■ Try it: If a record contains a picture, leave the picture out and reproduce everything else exactly.

■ The data:
++++++++

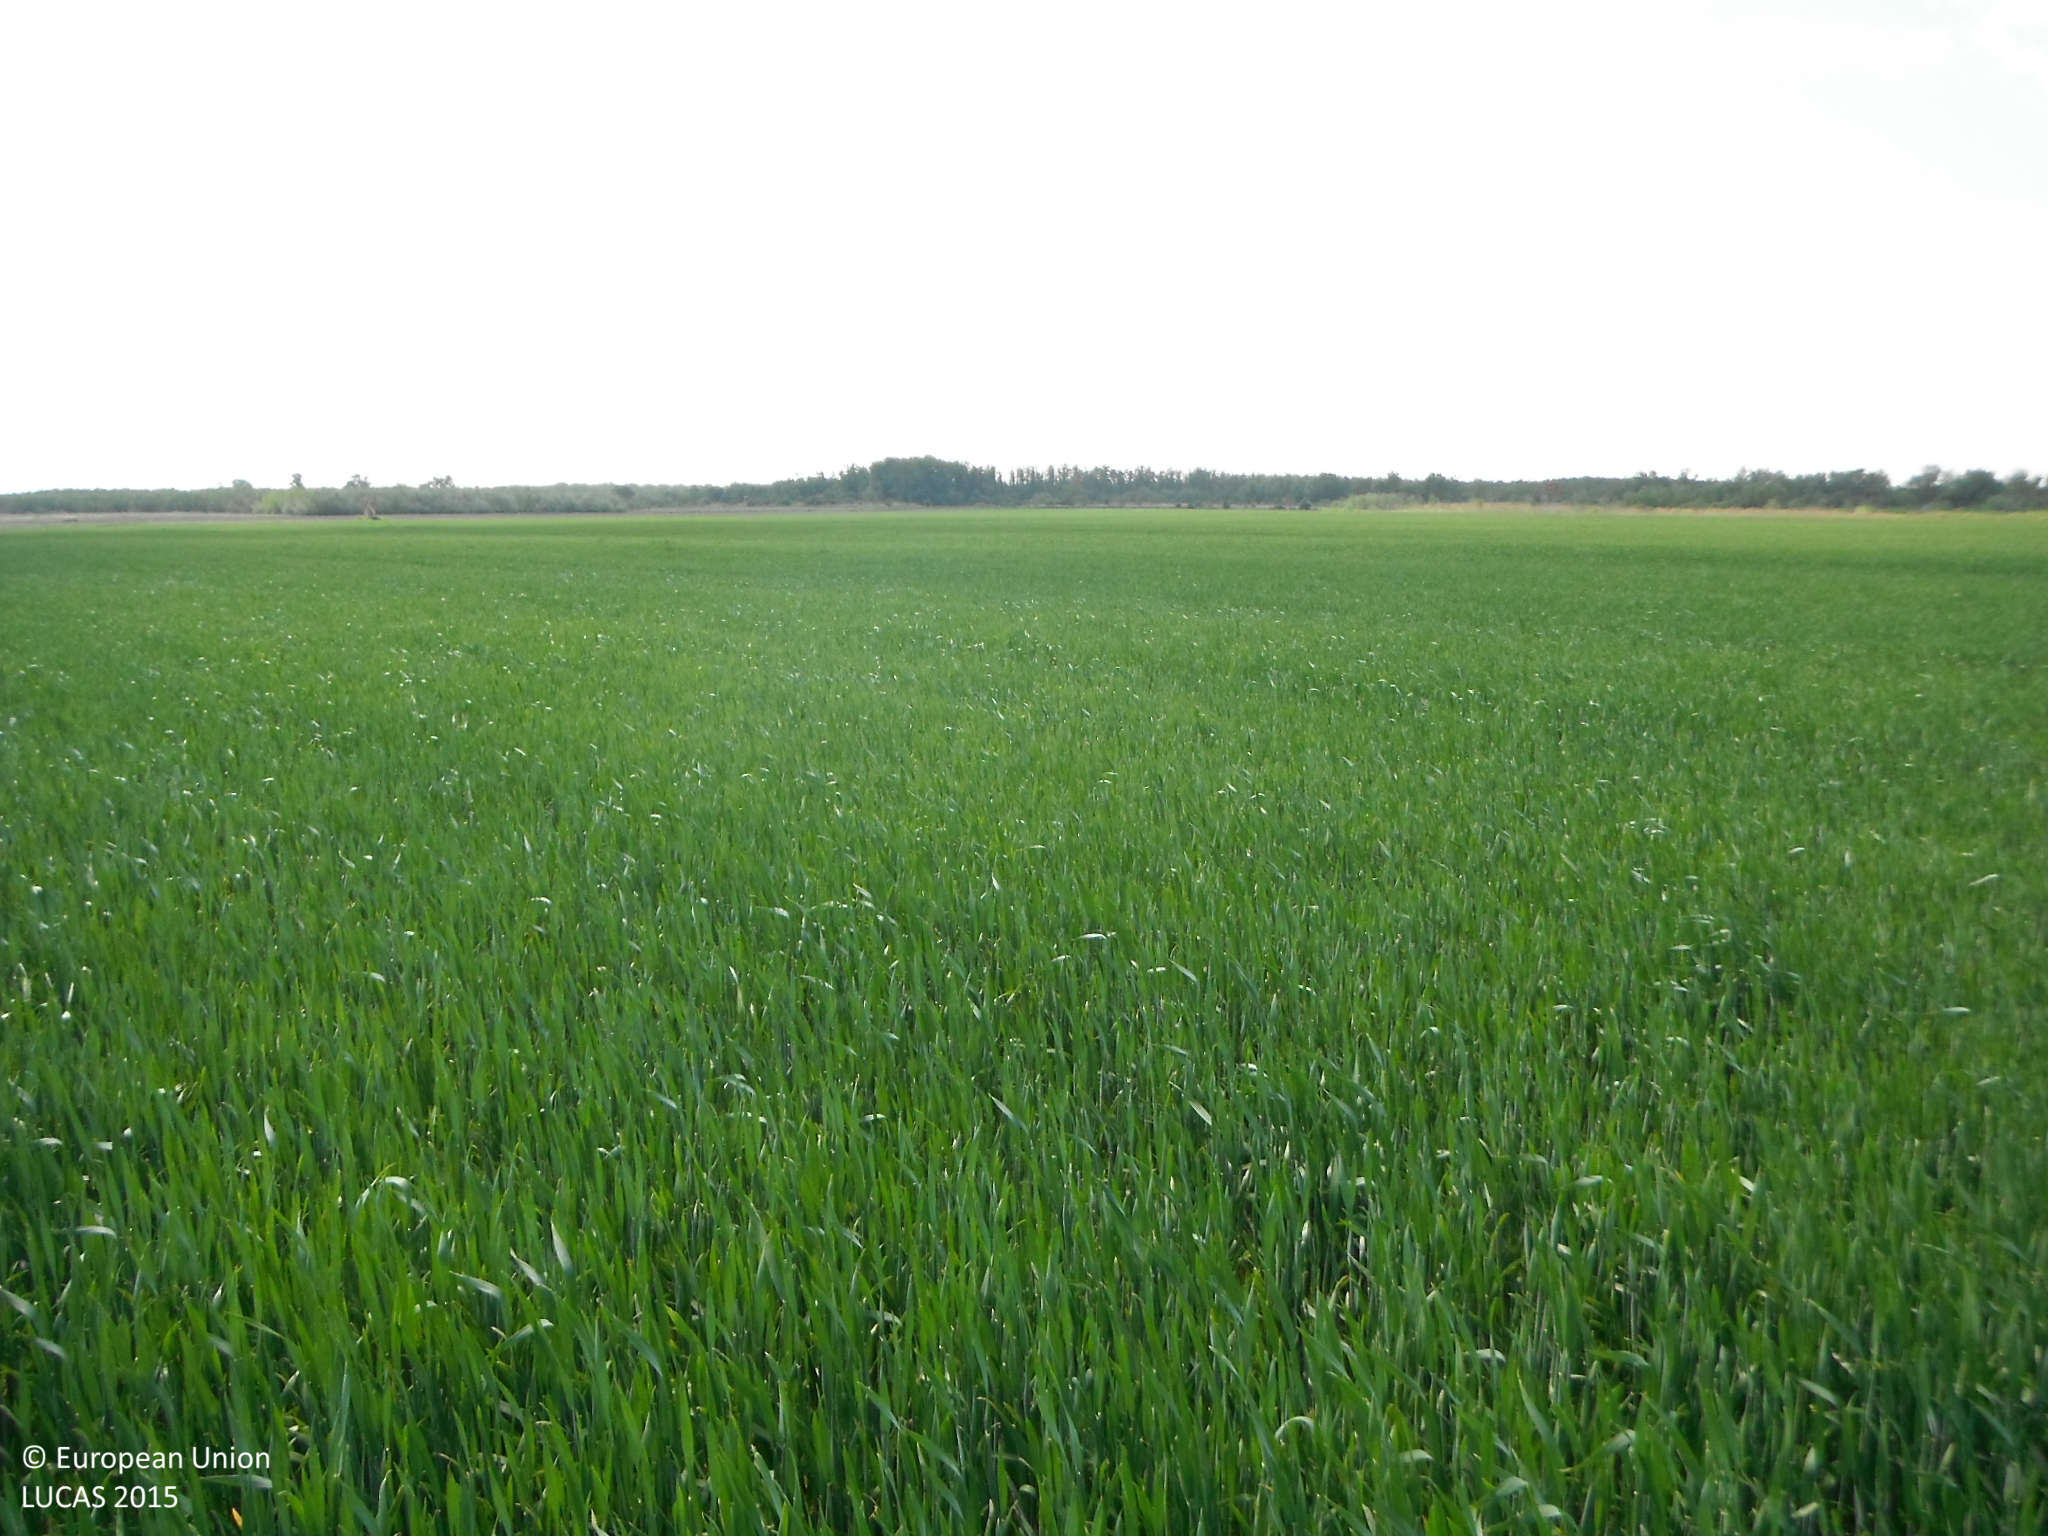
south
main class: Cropland
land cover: Common wheat
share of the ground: > 75 %
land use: Agriculture (excluding fallow land and kitchen gardens)
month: May
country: SK
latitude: 48.2562
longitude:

++++++++

■ Completed task:
south
main class: Cropland
land cover: Common wheat
share of the ground: > 75 %
land use: Agriculture (excluding fallow land and kitchen gardens)
month: May
country: SK
latitude: 48.2562
longitude:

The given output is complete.